(feuilleton) "Terre inculte", par Pierre Vinclair, n°29. Fantôme

Par Florence Trocmé

29. Fantôme 
 
IV. Death by water 
 
Phlebas the Phœnician, a fortnight dead,  
Forgot the cry of gulls, and the deep sea swell  
And the profit and loss.  
315   A current under sea  
Picked his bones in whispers.
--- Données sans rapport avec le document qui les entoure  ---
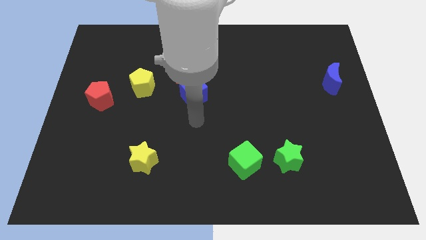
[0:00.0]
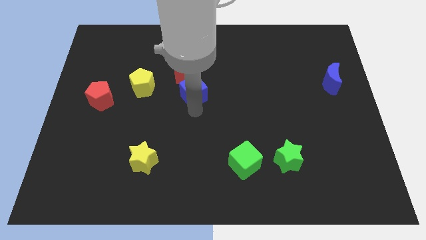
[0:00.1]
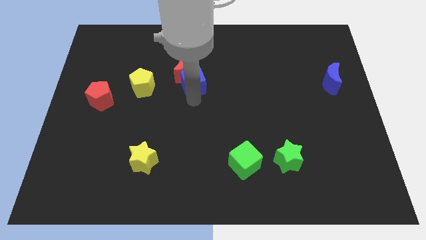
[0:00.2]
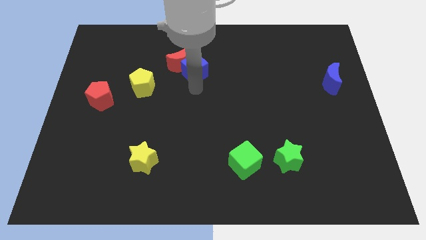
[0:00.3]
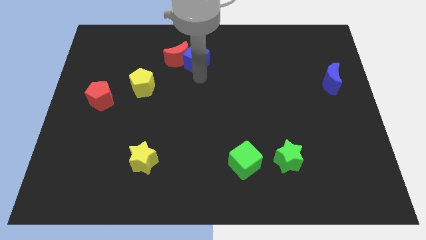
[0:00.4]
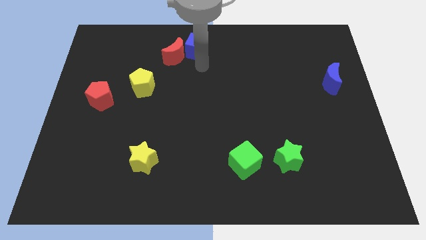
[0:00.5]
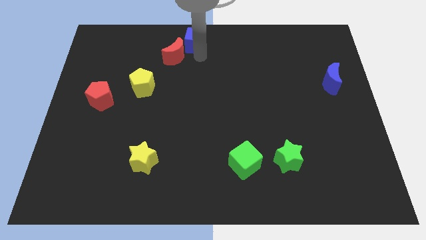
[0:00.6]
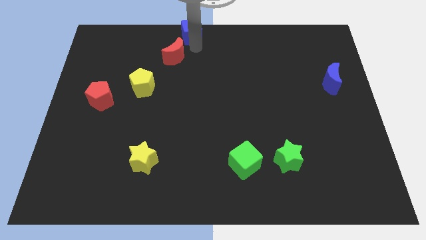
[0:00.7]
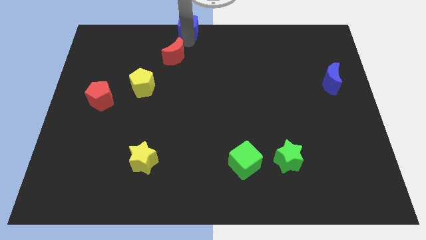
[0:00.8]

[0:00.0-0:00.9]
move the red moon away from the blue cube

As he rose and fell  
He passed the stages of his age and youth  
Entering the whirlpool.  
Gentile or jew  
320   O you who turn the wheel and look to windward,  
Consider Phlebas, who was once handsome and tall as you. 
 
 
29. 1. J’ai cru pouvoir identifier en 24. 2. 1. quatre « trajets sémiotiques » susceptibles de déterminer, par des renvois, la signification d’un mot donné.  
 
29. 1. 1. Il s’agissait, plus précisément, de montrer les différentes manières que l’on a, en l’absence de toute possibilité d’en proposer une interprétation synthétique, au moins de rendre compte de la présence du mot dans un texte : ainsi, à la question « qu’est-ce que cela veut dire ? », on substitue « y a-t-il une raison pour que cela soit là ? » – et on répond en soulignant les relations de ce qui est écrit avec la forme du texte, son contenu antérieur ou ultérieur, le réel ou la culture.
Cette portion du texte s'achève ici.